Kommen wir zur größten Neuerung, der nun möglichen internen 4K-Videoaufzeichnung direkt in der Kamera. Wer die Sache bei dem Vorgängermodell RX0 nicht verfolgt hat, wundert sich wahrscheinlich, warum wir das "intern" immer so betonen. Tatsächlich konnte auch die RX0 schon in 4K filmen, aber das nicht auf die eingelegte MicroSD-Karte speichern, sondern nur an die HDMI-Buchse ausgeben. Man konnte also, zumindest in der Theorie, einen großen externen Recorder an die HDMI-Buchse anschließen und das 4K-Video der Kamera aufnehmen, d. h. im Grund speichern. Sicherlich lassen sich irgendwelche besonderen Anwendungen konstruieren, in denen sowas Sinn macht. Praktisch ist das aber nicht und läuft auch irgendwie dem Konzept der kleinen Kamera entgegen.

  • Bild Da die Sony DSC-RX0 II kein Programmwahlrad hat, muss selbst die Umschaltung z. B. von Foto auf Video mit mehreren Tastendrücken umständlich über den kleinen Bildschirm und die Richtungstasten gemacht werden. [Foto: MediaNord]

    Da die Sony DSC-RX0 II kein Programmwahlrad hat, muss selbst die Umschaltung z. B. von Foto auf Video mit mehreren Tastendrücken umständlich über den kleinen Bildschirm und die Richtungstasten gemacht werden. [Foto: MediaNord]

Die RX0 II kann das 4K-Video also jetzt direkt auf die Speicherkarte speichern. Warum das nun bei der RX0 II geht und bei der RX0 nicht, ist nicht überliefert. Wir vermuteten im letzten Test entweder thermische Probleme oder dass der Mini-Akku dann zu schnell schlapp machen würde. 4K-Videos sind sehr rechenintensiv und diese zu erzeugen und zu speichern erzeugt viel Wärme. Vielleicht hat Sony das durch das minimal größere Gehäuse bzw. die "Auslagerung" des Monitors jetzt irgendwie gelöst. Beide Bedenken bestätigen sich leider. Beim Filmen in 4K hat die Kamera im Setup-Menü zwei Einstellungen, die entscheidend für die Aufzeichnungsdauer sind. Im Standard-Modus wird die RX0 II äußerlich nur handwarm, aber die Videos brechen, je nach Start-Temperatur, bereits unter "Schreibtisch-Bedingungen" (keine Sonneneinstrahlung) nach maximal ca. 13 Minuten ab und die Kamera schaltet sich aus.
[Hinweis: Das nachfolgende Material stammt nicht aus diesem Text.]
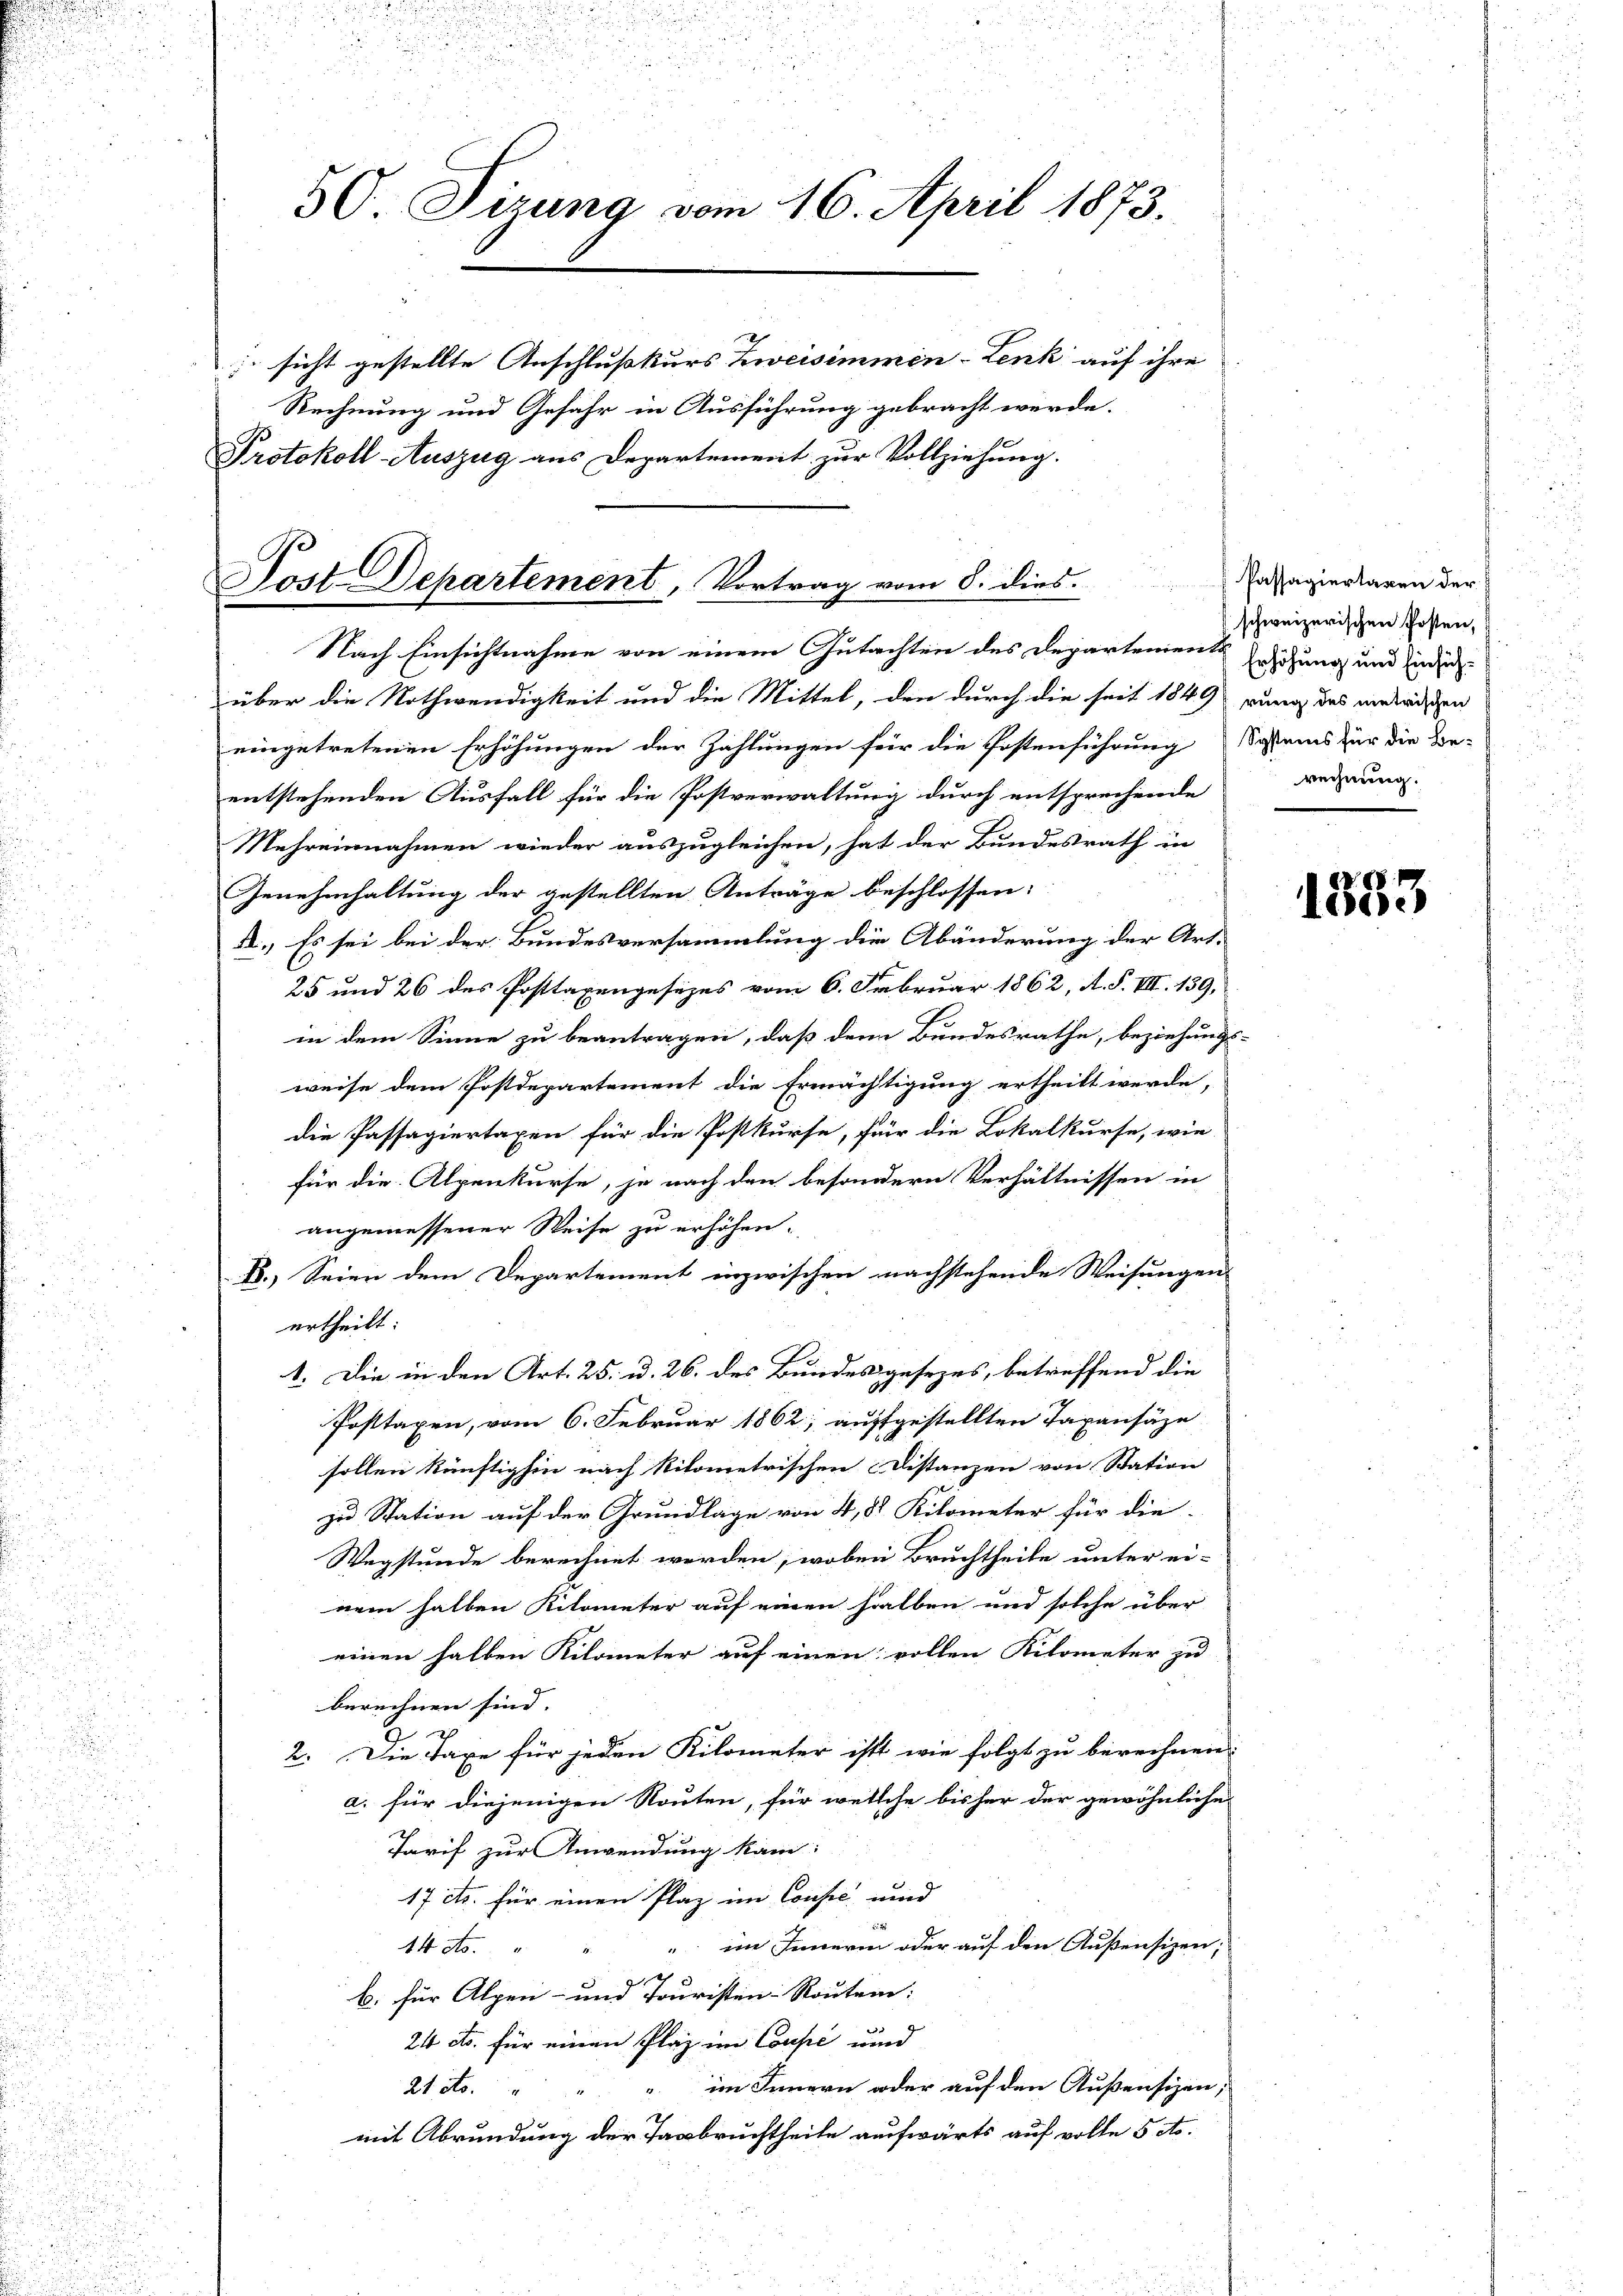
.
u
i
50. Sizung vom 16. April 1873.
sicht gestellte Anschlußkurs Zweisimmen-Lenk auf ihre
Rechnung und Gefahr in Ausführung gebracht werde.
Protokoll Auszug aus Departement zur Vollziehung.

Post-Departement, Vortrag vom 8. dies

Nach Einsichtnahme von einem Gutachten des Departements
über die Nothwendigkeit und die Mittel, den durch die seit 1849 rung des entrischen
eingetretenen Erhöhungen der Zahlungen für die Postenführung Speis für die Be-
entstehenden Ausfall für die Postverwaltung durch entsprechende Reinung.
Mehreinnahmen wieder auszugleichen, hat der Bundesrath in
2
Genehmhaltung der gestellten Anträge beschlossen:
A.) Es sei bei der Bundesversammlung die Abänderung der Art.
25 und 26 des Posttaxengesezes vom 6. Februar 1862, A. S. VII. 139,
in dem Sinne zu beantragen, daß denn Bundesrathe, beziehungs-
weise dem Postdepartement die Ermächtigung ertheilt werde,
die Passagiertaxen für die Postkurse, für die Lokalkurse, wie
für die Alpenkurse, je nach den besondern Verhältnissen in
angemessener Weise zu erhöhen.
B.) Seien dem Departement inzwischen nachstehende Weisungen
urtheilt:
1. Die in den Art. 25. u. 26. des Bundesgesezes, betreffend die
Posttaxen, vom 6. Februar 1862; aufgestellten Taxansäze
sollen künftighin nach Kilometrischen Distanzen von Station
zu Station auf der Grundlage von 4, 8 Kilometer für die-
Wegstunde berechnet werden, wobei Bruchtheile unter ei-
nem halben Kilometer auf einen halben und solche über
einen halben Kilometer auf einen vollen Kilometer zu
berechnen sind. |
x
2. Die Taxe für jeden Kilometer ist wie folgt zu berechnen.
a. für diejenigen Routen, für welche bisher der gewöhnliche
Tarif zur Anwendung kam:
17 cts. für einen Plaz im Consis und
im Innerin oder auf den Außensizen;
14 No.
2
ch
b. für Alpen- und Touristen-Routen:
e
20 cts. für einen Plaz im Coupé und
" im Innern oder auf den Außensizen,
21. ds.
mit Abrundung der Tagbruchtheite aufwärts auf volle 5 etc.

u

Passagiertaxen der
schweizerischen Posten,
Erhöhung und Einfüh¬

1333

Startet man die Aufnahme dann gleich neu, kann auch schon nach 2 Minuten wieder Schluss sein. Lässt man sie länger abkühlen, sind es mal 8 Minuten, mal 12 Minuten. Insgesamt konnten wir so in fünf Clips 47 Minuten 4K-Video aufzeichnen, dann war der leistungsschwache 700mAh-Akku leer.

Stellt man sie im Setup auf "Hohe Temperatur" um, erscheint bei jedem Einschalten ein Warnhinweis, dass man die Kamera so nicht in der Hand betreiben, sondern z. B. auf einem Stativ montieren soll. In dieser Einstellung filmt die Kamera dann wirklich durchgehend, bis die Speicherkarte voll oder das Akku leer ist ist. Wir haben Sie zum Test einmal eine 64GB-Speicherkarte bei 4K mit 60 MBit/s vollgemacht. 2 Stunden und 24 Minuten in einem Stück waren das Ergebnis. Das Alu-Gehäuse der Kamera dient dabei als Kühlkörper und wird mit der Zeit tatsächlich sehr warm. So warm, dass man sie wirklich nicht mehr gerne in der Hand halten mag (verbrennen tun man sich aber auch nicht wirklich). In diesem Modus wäre dann der Handgriff nützlich. Normalerweise wird die Kamera aber sicherlich irgendwo fest montiert sein.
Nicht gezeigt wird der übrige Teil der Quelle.